Dave Richards AA7EE

June 3, 2012

The DSB80 – A Direct Conversion DSB Transceiver for 80M By G4JST and G3WPO – First Stage Of Building

I was 19 years old in March 1983 when the UK magazine Ham Radio Today published the article “A Low Cost DSB/CW Transceiver for 80M”. Being short of cash and wanting to get on the air, I sent away for the kit and soon after, was surfing the phone portion of the UK 80M band on my new DSB rig.  I didn’t get too many QSO’s due probably, to my poor 80M dipole, although G3UMV who lived just a mile down the road heard my home-brew signals and came over to see where they were coming from.  The receiver seemed to work very well, and I spent many hours listening to the chatting between 3.6 and 3.8MHz (80M only goes as high as 3.8MHz in the UK). The whole thing was enclosed in an aluminum case and tuned with a Philmore vernier attached to a polyvaricon.  I don’t remember any drift, so it must have been stable enough for sideband, and it didn’t have any noticeable microphonics either.  As it was my first DC receiver, I didn’t even know that this type of circuit often suffered from microphonics, as this one didn’t have any to speak of.

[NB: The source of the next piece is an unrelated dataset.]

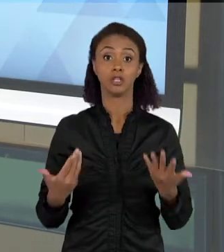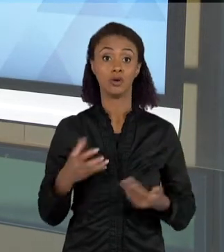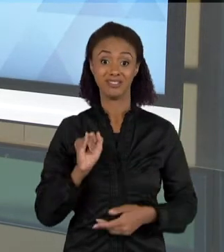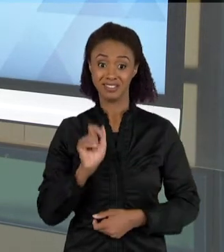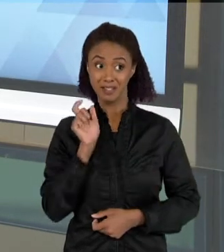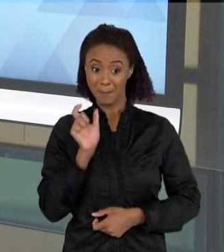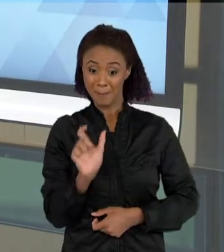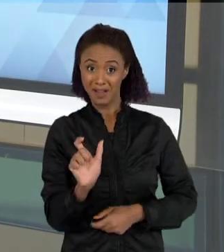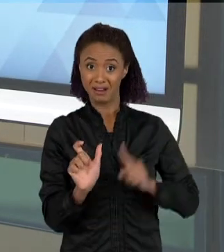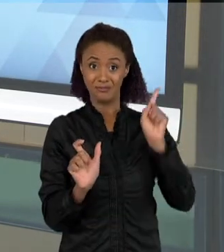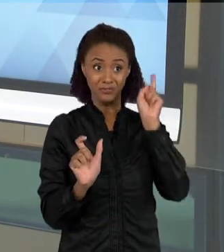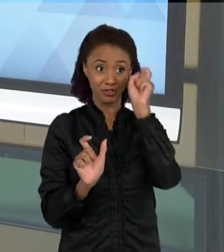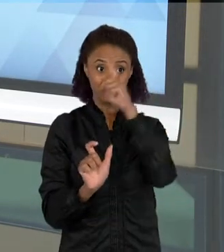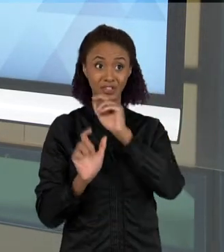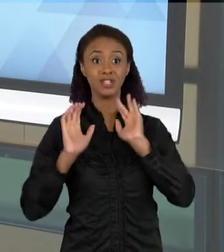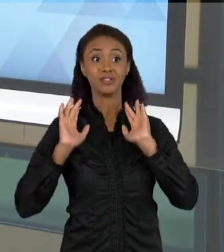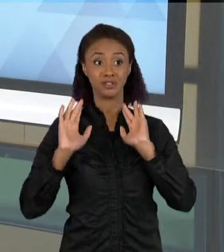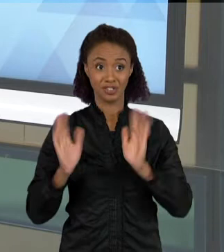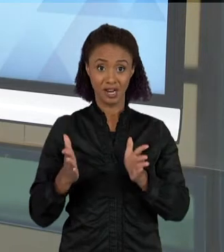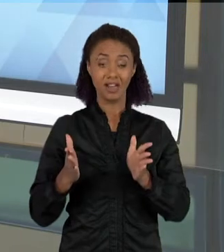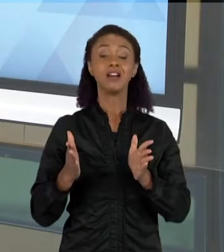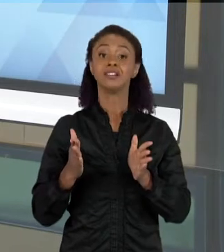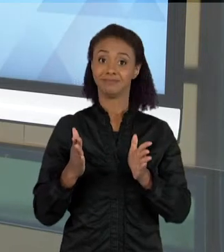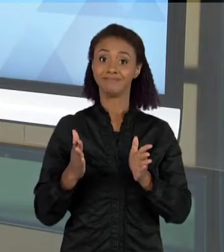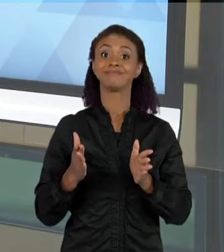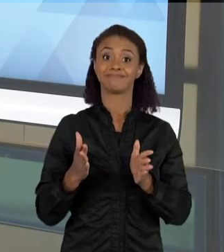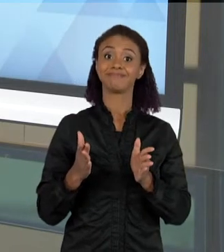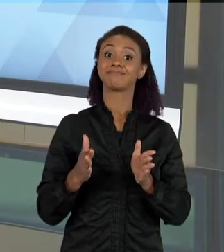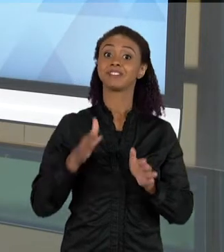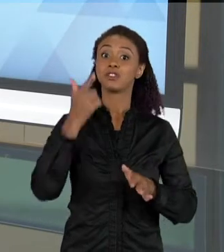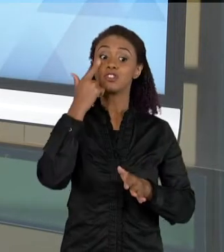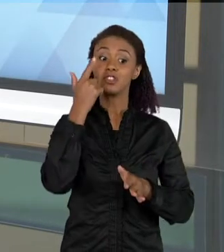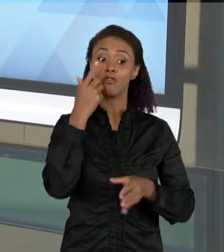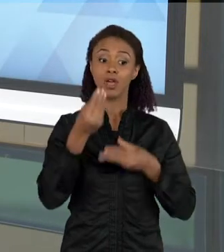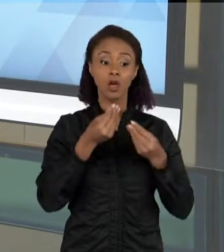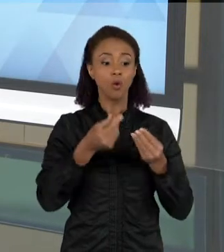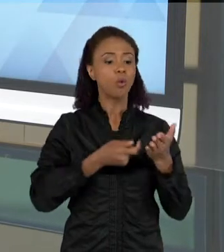ENTÃO VOCÊ IMAGINA O TEXTO, COMO O TEXTO PODE TRAZER MUITAS DIMENSÕES E SENTIDOS,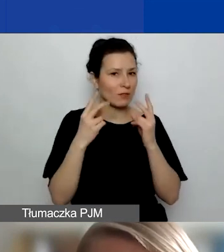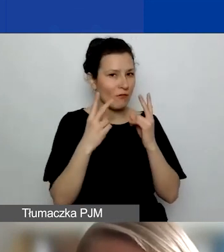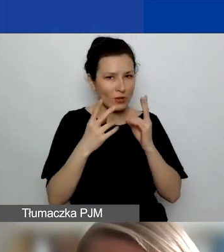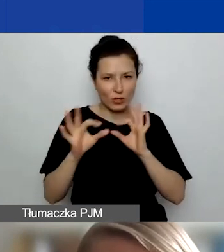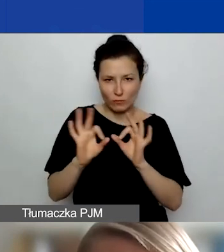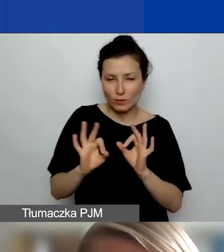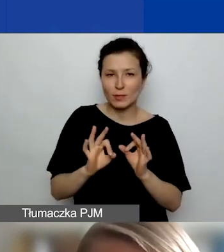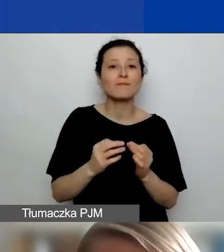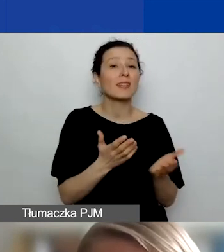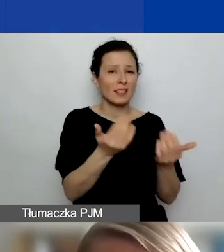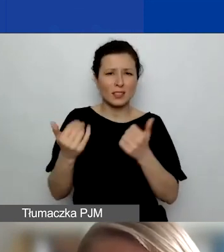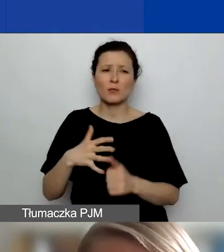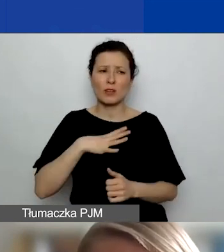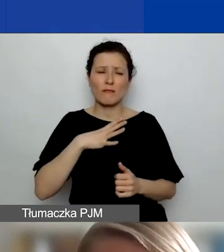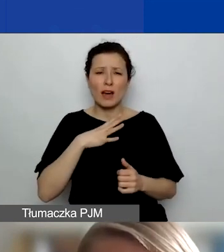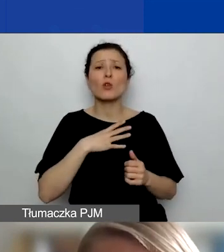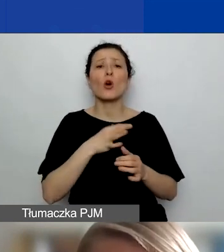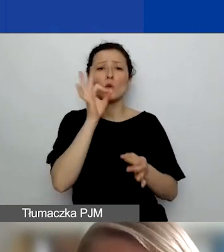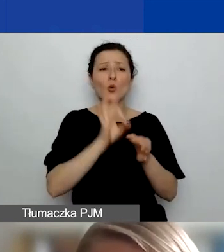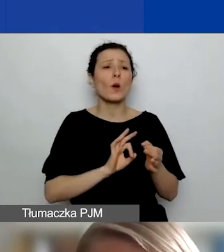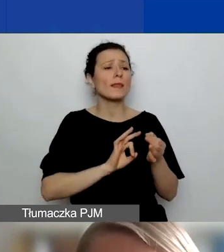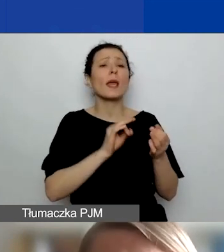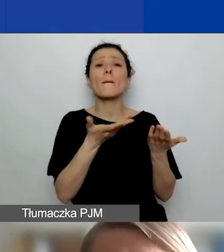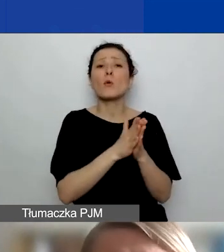Zachęcam, żeby sobie przeczytać przypis na ten temat w podręczniku.

That little rig made it with me across the Atlantic and met it’s end one day in my apartment just a block from Hollywood Blvd. In a passing wave of nostalgia for my earlier radio days, I hooked it up to 12V DC to see if it still worked. It would have, had I not connected the 12V the wrong way round, and if I’d had the foresight as a kid to provide it with reverse polarity protection. I still don’t know why I didn’t just put it aside so that at a later date I could have replaced the damaged active devices. Unfortunately, I tossed it into the dumpster of my apartment building. What a shame – and it had an SBL1-8 mixer too!

From time to time either when moving or thoroughly tidying my apartment, I come across the copy of the original article that came with the kit. Trouble is, whenever I looked specifically for it, I could never find it, and the only copy of the article I was able to find on the internet is of too low a resolution to be of much use. I’ve been wanting to recreate this rig for a while and recently, when the desire became too strong to ignore, decided that I was going to find that article even if it took a day or two of searching. It did, but I did.

Pure nostalgia wasn’t the main reason for my wanting to build this rig again. A big reason is that I have always been drawn to simple receiver topologies such as regens and direct conversion receivers, yet not all designs are created equal. I remembered this one as working well and on top of that, it used something in the circuit that you don’t see too often in DC receiver designs these days – a passive diode ring mixer package (NE602 anyone?)  I wanted to build a DSB rig that used a diode ring mixer package, so this is why I am here.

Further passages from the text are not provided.